This would be inefficient for very large data sets, but for me was useful when reconciling imported data which was identical but was not matching after storing the data in VBA Arrays.
Try to use Single values if possible.
Conversion to Double values generates random errors.
Public Sub Test()
Dim D01 As Double
Dim D02 As Double
Dim S01 As Single
Dim S02 As Single
S01 = 45.678 / 12
S02 = 45.678
D01 = S01
D02 = S02
Debug.Print S01 * 12
Debug.Print S02
Debug.Print D01 * 12
Debug.Print D02
End Sub
45,678
45,678
45,67799949646
45,6780014038086
I have trouble comparing 2 double in Excel VBA
suppose that I have the following code
Dim a as double
Dim b as double
a = 0.15
b = 0.01
After a few manipulations on b, b is now equal to 0.6
however the imprecision related to the double data type gives me headache because
if a = b then
//this will never trigger
end if
Do you know how I can remove the trailing imprecision on the double type?

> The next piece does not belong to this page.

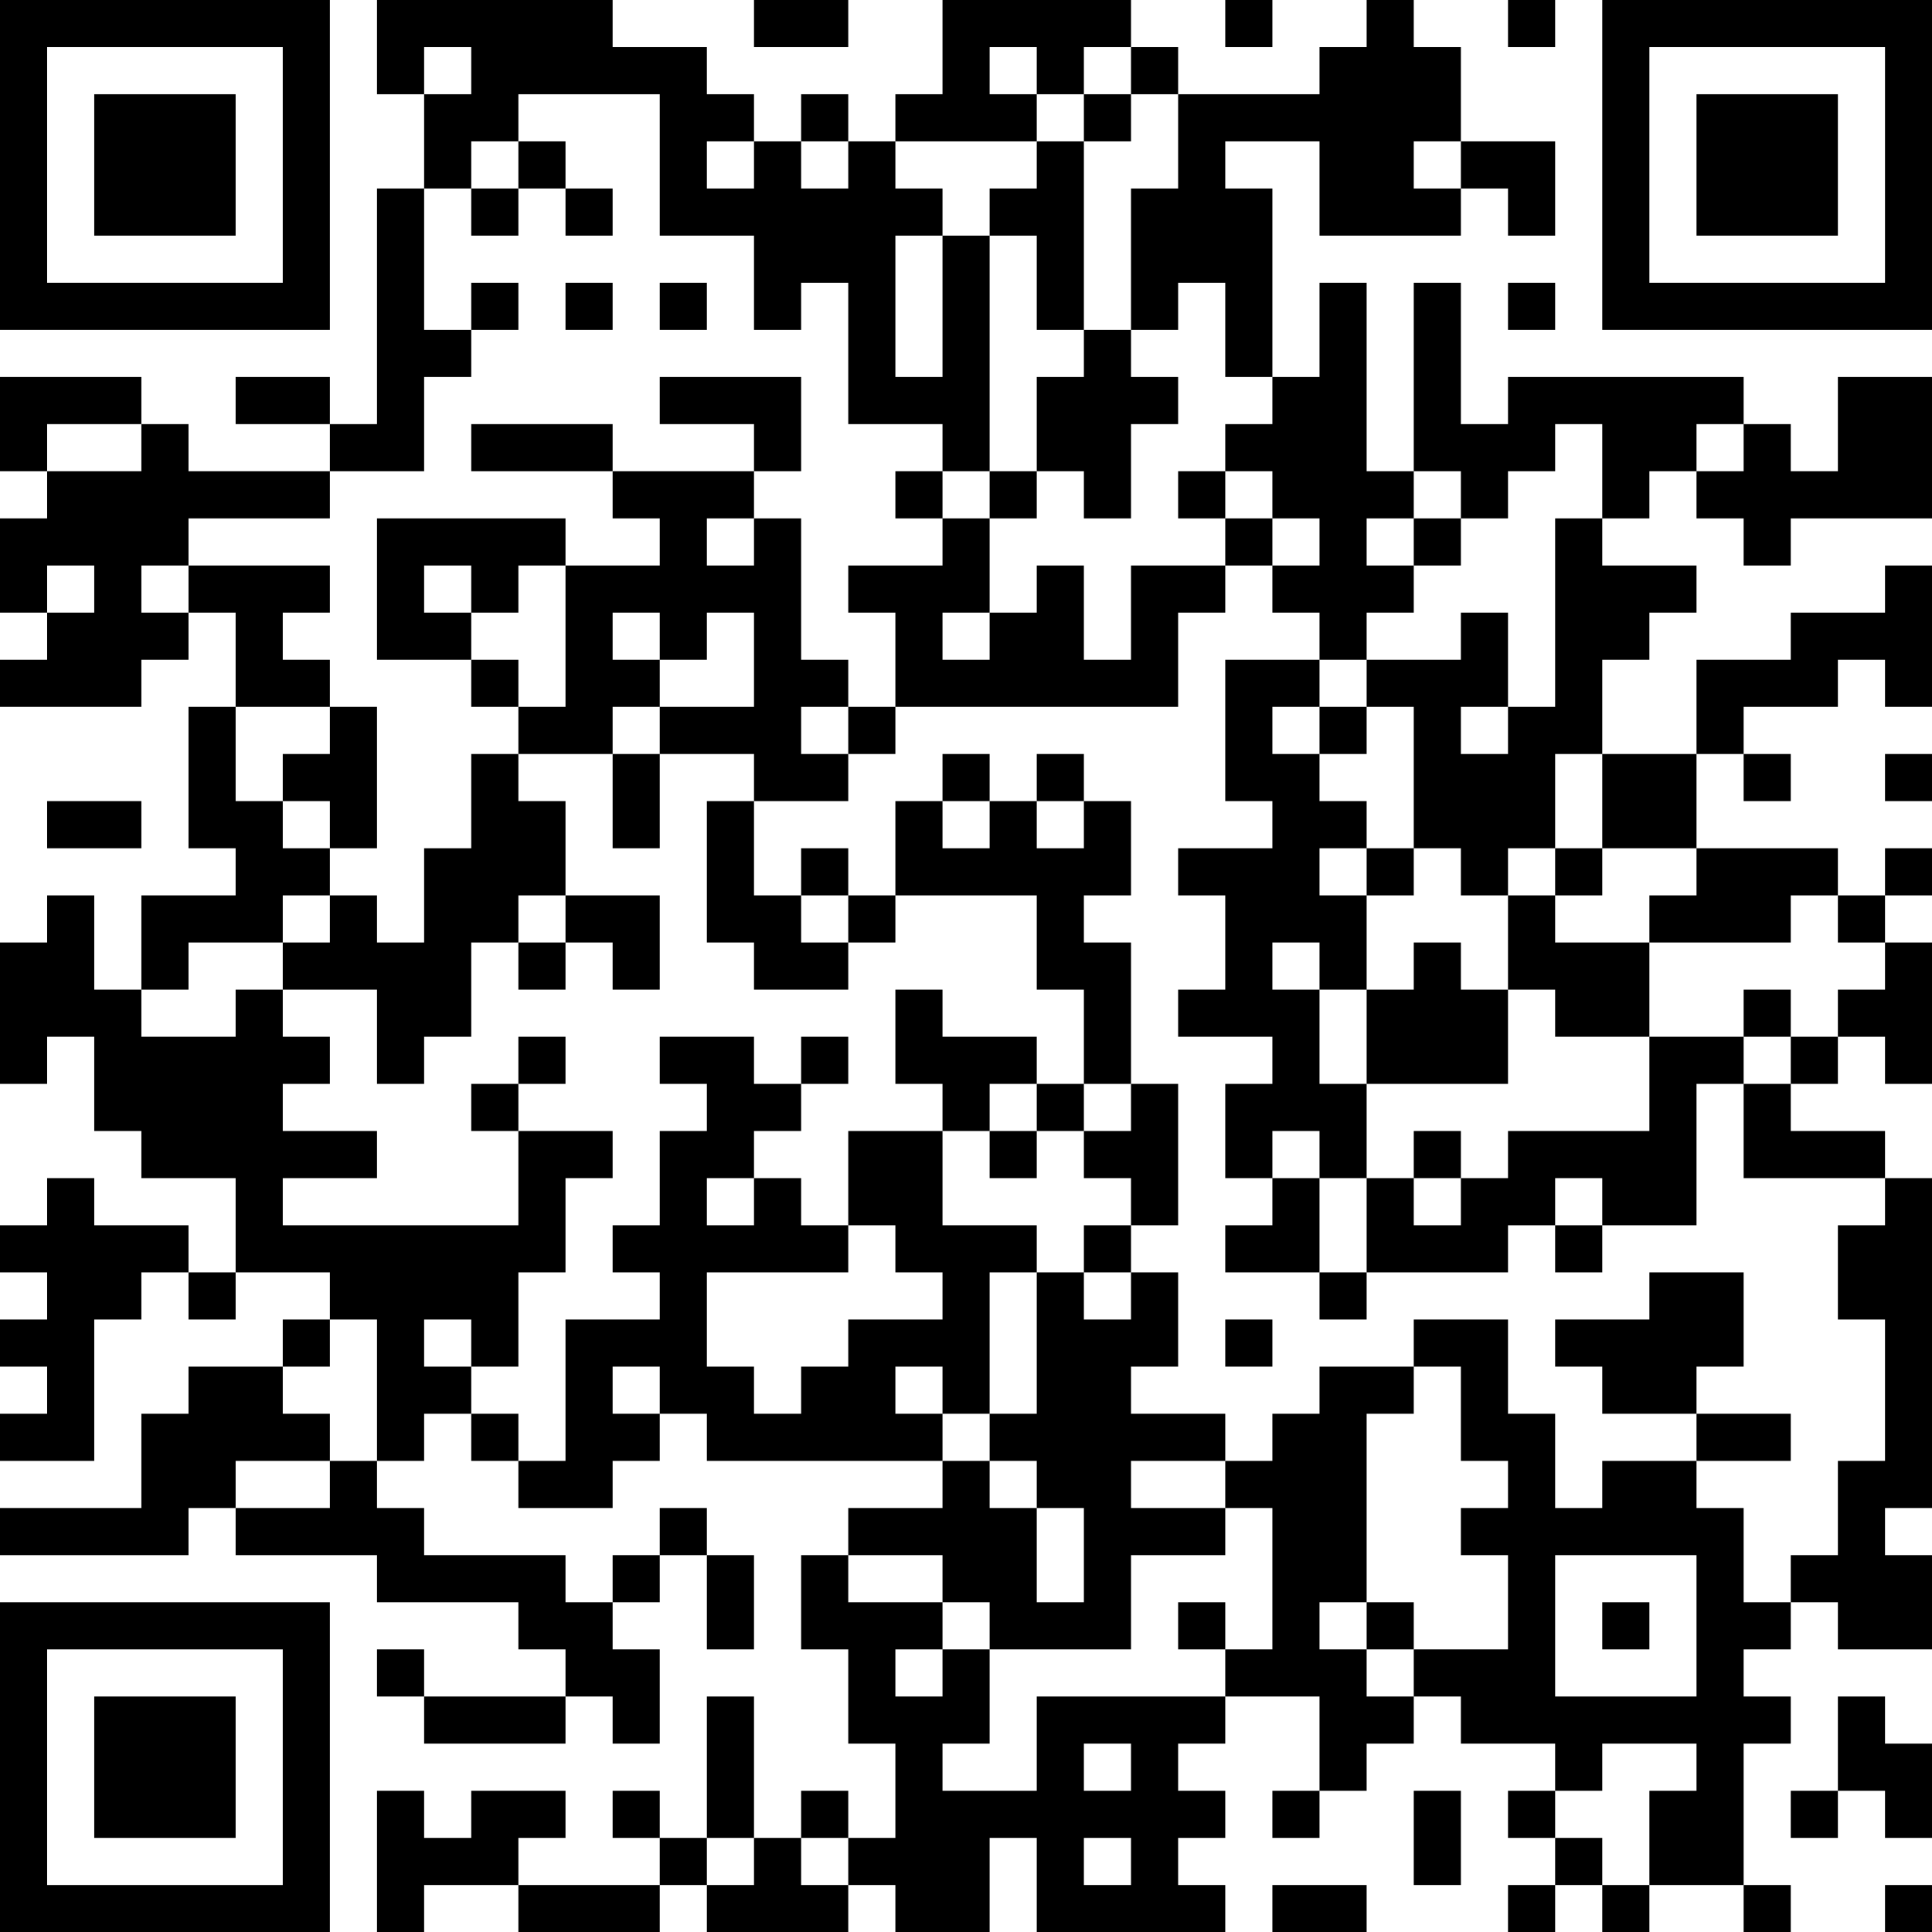 <?xml version="1.0" encoding="UTF-8"?>
<svg xmlns="http://www.w3.org/2000/svg" version="1.1" width="250" height="250" viewBox="0 0 250 250"><rect x="0" y="0" width="250" height="250" fill="#ffffff"/><g transform="scale(6.098)"><g transform="translate(0,0)"><path fill-rule="evenodd" d="M8 0L8 2L9 2L9 4L8 4L8 9L7 9L7 8L5 8L5 9L7 9L7 10L4 10L4 9L3 9L3 8L0 8L0 10L1 10L1 11L0 11L0 13L1 13L1 14L0 14L0 15L3 15L3 14L4 14L4 13L5 13L5 15L4 15L4 18L5 18L5 19L3 19L3 21L2 21L2 19L1 19L1 20L0 20L0 23L1 23L1 22L2 22L2 24L3 24L3 25L5 25L5 27L4 27L4 26L2 26L2 25L1 25L1 26L0 26L0 27L1 27L1 28L0 28L0 29L1 29L1 30L0 30L0 31L2 31L2 28L3 28L3 27L4 27L4 28L5 28L5 27L7 27L7 28L6 28L6 29L4 29L4 30L3 30L3 32L0 32L0 33L4 33L4 32L5 32L5 33L8 33L8 34L11 34L11 35L12 35L12 36L9 36L9 35L8 35L8 36L9 36L9 37L12 37L12 36L13 36L13 37L14 37L14 35L13 35L13 34L14 34L14 33L15 33L15 35L16 35L16 33L15 33L15 32L14 32L14 33L13 33L13 34L12 34L12 33L9 33L9 32L8 32L8 31L9 31L9 30L10 30L10 31L11 31L11 32L13 32L13 31L14 31L14 30L15 30L15 31L20 31L20 32L18 32L18 33L17 33L17 35L18 35L18 37L19 37L19 39L18 39L18 38L17 38L17 39L16 39L16 36L15 36L15 39L14 39L14 38L13 38L13 39L14 39L14 40L11 40L11 39L12 39L12 38L10 38L10 39L9 39L9 38L8 38L8 41L9 41L9 40L11 40L11 41L14 41L14 40L15 40L15 41L18 41L18 40L19 40L19 41L21 41L21 39L22 39L22 41L26 41L26 40L25 40L25 39L26 39L26 38L25 38L25 37L26 37L26 36L28 36L28 38L27 38L27 39L28 39L28 38L29 38L29 37L30 37L30 36L31 36L31 37L33 37L33 38L32 38L32 39L33 39L33 40L32 40L32 41L33 41L33 40L34 40L34 41L35 41L35 40L37 40L37 41L38 41L38 40L37 40L37 37L38 37L38 36L37 36L37 35L38 35L38 34L39 34L39 35L41 35L41 33L40 33L40 32L41 32L41 25L40 25L40 24L38 24L38 23L39 23L39 22L40 22L40 23L41 23L41 20L40 20L40 19L41 19L41 18L40 18L40 19L39 19L39 18L36 18L36 16L37 16L37 17L38 17L38 16L37 16L37 15L39 15L39 14L40 14L40 15L41 15L41 12L40 12L40 13L38 13L38 14L36 14L36 16L34 16L34 14L35 14L35 13L36 13L36 12L34 12L34 11L35 11L35 10L36 10L36 11L37 11L37 12L38 12L38 11L41 11L41 8L39 8L39 10L38 10L38 9L37 9L37 8L32 8L32 9L31 9L31 6L30 6L30 10L29 10L29 6L28 6L28 8L27 8L27 4L26 4L26 3L28 3L28 5L31 5L31 4L32 4L32 5L33 5L33 3L31 3L31 1L30 1L30 0L29 0L29 1L28 1L28 2L25 2L25 1L24 1L24 0L20 0L20 2L19 2L19 3L18 3L18 2L17 2L17 3L16 3L16 2L15 2L15 1L13 1L13 0ZM16 0L16 1L18 1L18 0ZM26 0L26 1L27 1L27 0ZM32 0L32 1L33 1L33 0ZM9 1L9 2L10 2L10 1ZM21 1L21 2L22 2L22 3L19 3L19 4L20 4L20 5L19 5L19 8L20 8L20 5L21 5L21 10L20 10L20 9L18 9L18 6L17 6L17 7L16 7L16 5L14 5L14 2L11 2L11 3L10 3L10 4L9 4L9 7L10 7L10 8L9 8L9 10L7 10L7 11L4 11L4 12L3 12L3 13L4 13L4 12L7 12L7 13L6 13L6 14L7 14L7 15L5 15L5 17L6 17L6 18L7 18L7 19L6 19L6 20L4 20L4 21L3 21L3 22L5 22L5 21L6 21L6 22L7 22L7 23L6 23L6 24L8 24L8 25L6 25L6 26L11 26L11 24L13 24L13 25L12 25L12 27L11 27L11 29L10 29L10 28L9 28L9 29L10 29L10 30L11 30L11 31L12 31L12 28L14 28L14 27L13 27L13 26L14 26L14 24L15 24L15 23L14 23L14 22L16 22L16 23L17 23L17 24L16 24L16 25L15 25L15 26L16 26L16 25L17 25L17 26L18 26L18 27L15 27L15 29L16 29L16 30L17 30L17 29L18 29L18 28L20 28L20 27L19 27L19 26L18 26L18 24L20 24L20 26L22 26L22 27L21 27L21 30L20 30L20 29L19 29L19 30L20 30L20 31L21 31L21 32L22 32L22 34L23 34L23 32L22 32L22 31L21 31L21 30L22 30L22 27L23 27L23 28L24 28L24 27L25 27L25 29L24 29L24 30L26 30L26 31L24 31L24 32L26 32L26 33L24 33L24 35L21 35L21 34L20 34L20 33L18 33L18 34L20 34L20 35L19 35L19 36L20 36L20 35L21 35L21 37L20 37L20 38L22 38L22 36L26 36L26 35L27 35L27 32L26 32L26 31L27 31L27 30L28 30L28 29L30 29L30 30L29 30L29 34L28 34L28 35L29 35L29 36L30 36L30 35L32 35L32 33L31 33L31 32L32 32L32 31L31 31L31 29L30 29L30 28L32 28L32 30L33 30L33 32L34 32L34 31L36 31L36 32L37 32L37 34L38 34L38 33L39 33L39 31L40 31L40 28L39 28L39 26L40 26L40 25L37 25L37 23L38 23L38 22L39 22L39 21L40 21L40 20L39 20L39 19L38 19L38 20L35 20L35 19L36 19L36 18L34 18L34 16L33 16L33 18L32 18L32 19L31 19L31 18L30 18L30 15L29 15L29 14L31 14L31 13L32 13L32 15L31 15L31 16L32 16L32 15L33 15L33 11L34 11L34 9L33 9L33 10L32 10L32 11L31 11L31 10L30 10L30 11L29 11L29 12L30 12L30 13L29 13L29 14L28 14L28 13L27 13L27 12L28 12L28 11L27 11L27 10L26 10L26 9L27 9L27 8L26 8L26 6L25 6L25 7L24 7L24 4L25 4L25 2L24 2L24 1L23 1L23 2L22 2L22 1ZM23 2L23 3L22 3L22 4L21 4L21 5L22 5L22 7L23 7L23 8L22 8L22 10L21 10L21 11L20 11L20 10L19 10L19 11L20 11L20 12L18 12L18 13L19 13L19 15L18 15L18 14L17 14L17 11L16 11L16 10L17 10L17 8L14 8L14 9L16 9L16 10L13 10L13 9L10 9L10 10L13 10L13 11L14 11L14 12L12 12L12 11L8 11L8 14L10 14L10 15L11 15L11 16L10 16L10 18L9 18L9 20L8 20L8 19L7 19L7 20L6 20L6 21L8 21L8 23L9 23L9 22L10 22L10 20L11 20L11 21L12 21L12 20L13 20L13 21L14 21L14 19L12 19L12 17L11 17L11 16L13 16L13 18L14 18L14 16L16 16L16 17L15 17L15 20L16 20L16 21L18 21L18 20L19 20L19 19L22 19L22 21L23 21L23 23L22 23L22 22L20 22L20 21L19 21L19 23L20 23L20 24L21 24L21 25L22 25L22 24L23 24L23 25L24 25L24 26L23 26L23 27L24 27L24 26L25 26L25 23L24 23L24 20L23 20L23 19L24 19L24 17L23 17L23 16L22 16L22 17L21 17L21 16L20 16L20 17L19 17L19 19L18 19L18 18L17 18L17 19L16 19L16 17L18 17L18 16L19 16L19 15L25 15L25 13L26 13L26 12L27 12L27 11L26 11L26 10L25 10L25 11L26 11L26 12L24 12L24 14L23 14L23 12L22 12L22 13L21 13L21 11L22 11L22 10L23 10L23 11L24 11L24 9L25 9L25 8L24 8L24 7L23 7L23 3L24 3L24 2ZM11 3L11 4L10 4L10 5L11 5L11 4L12 4L12 5L13 5L13 4L12 4L12 3ZM15 3L15 4L16 4L16 3ZM17 3L17 4L18 4L18 3ZM30 3L30 4L31 4L31 3ZM10 6L10 7L11 7L11 6ZM12 6L12 7L13 7L13 6ZM14 6L14 7L15 7L15 6ZM32 6L32 7L33 7L33 6ZM1 9L1 10L3 10L3 9ZM36 9L36 10L37 10L37 9ZM15 11L15 12L16 12L16 11ZM30 11L30 12L31 12L31 11ZM1 12L1 13L2 13L2 12ZM9 12L9 13L10 13L10 14L11 14L11 15L12 15L12 12L11 12L11 13L10 13L10 12ZM13 13L13 14L14 14L14 15L13 15L13 16L14 16L14 15L16 15L16 13L15 13L15 14L14 14L14 13ZM20 13L20 14L21 14L21 13ZM26 14L26 17L27 17L27 18L25 18L25 19L26 19L26 21L25 21L25 22L27 22L27 23L26 23L26 25L27 25L27 26L26 26L26 27L28 27L28 28L29 28L29 27L32 27L32 26L33 26L33 27L34 27L34 26L36 26L36 23L37 23L37 22L38 22L38 21L37 21L37 22L35 22L35 20L33 20L33 19L34 19L34 18L33 18L33 19L32 19L32 21L31 21L31 20L30 20L30 21L29 21L29 19L30 19L30 18L29 18L29 17L28 17L28 16L29 16L29 15L28 15L28 14ZM7 15L7 16L6 16L6 17L7 17L7 18L8 18L8 15ZM17 15L17 16L18 16L18 15ZM27 15L27 16L28 16L28 15ZM40 16L40 17L41 17L41 16ZM1 17L1 18L3 18L3 17ZM20 17L20 18L21 18L21 17ZM22 17L22 18L23 18L23 17ZM28 18L28 19L29 19L29 18ZM11 19L11 20L12 20L12 19ZM17 19L17 20L18 20L18 19ZM27 20L27 21L28 21L28 23L29 23L29 25L28 25L28 24L27 24L27 25L28 25L28 27L29 27L29 25L30 25L30 26L31 26L31 25L32 25L32 24L35 24L35 22L33 22L33 21L32 21L32 23L29 23L29 21L28 21L28 20ZM11 22L11 23L10 23L10 24L11 24L11 23L12 23L12 22ZM17 22L17 23L18 23L18 22ZM21 23L21 24L22 24L22 23ZM23 23L23 24L24 24L24 23ZM30 24L30 25L31 25L31 24ZM33 25L33 26L34 26L34 25ZM35 27L35 28L33 28L33 29L34 29L34 30L36 30L36 31L38 31L38 30L36 30L36 29L37 29L37 27ZM7 28L7 29L6 29L6 30L7 30L7 31L5 31L5 32L7 32L7 31L8 31L8 28ZM26 28L26 29L27 29L27 28ZM13 29L13 30L14 30L14 29ZM33 33L33 36L36 36L36 33ZM25 34L25 35L26 35L26 34ZM29 34L29 35L30 35L30 34ZM34 34L34 35L35 35L35 34ZM39 36L39 38L38 38L38 39L39 39L39 38L40 38L40 39L41 39L41 37L40 37L40 36ZM23 37L23 38L24 38L24 37ZM34 37L34 38L33 38L33 39L34 39L34 40L35 40L35 38L36 38L36 37ZM30 38L30 40L31 40L31 38ZM15 39L15 40L16 40L16 39ZM17 39L17 40L18 40L18 39ZM23 39L23 40L24 40L24 39ZM27 40L27 41L29 41L29 40ZM40 40L40 41L41 41L41 40ZM0 0L0 7L7 7L7 0ZM1 1L1 6L6 6L6 1ZM2 2L2 5L5 5L5 2ZM34 0L34 7L41 7L41 0ZM35 1L35 6L40 6L40 1ZM36 2L36 5L39 5L39 2ZM0 34L0 41L7 41L7 34ZM1 35L1 40L6 40L6 35ZM2 36L2 39L5 39L5 36Z" fill="#000000"/></g></g></svg>

You can't compare floating point values for equality. See this article on "Comparing floating point numbers" for a discussion of how to handle the intrinsic error.
It isn't as simple as comparing to a constant error margin unless you know for sure what the absolute range of the floats is beforehand.
if you are going to do this....
Dim a as double
Dim b as double
a = 0.15
b = 0.01
you need to add the round function in your IF statement like this...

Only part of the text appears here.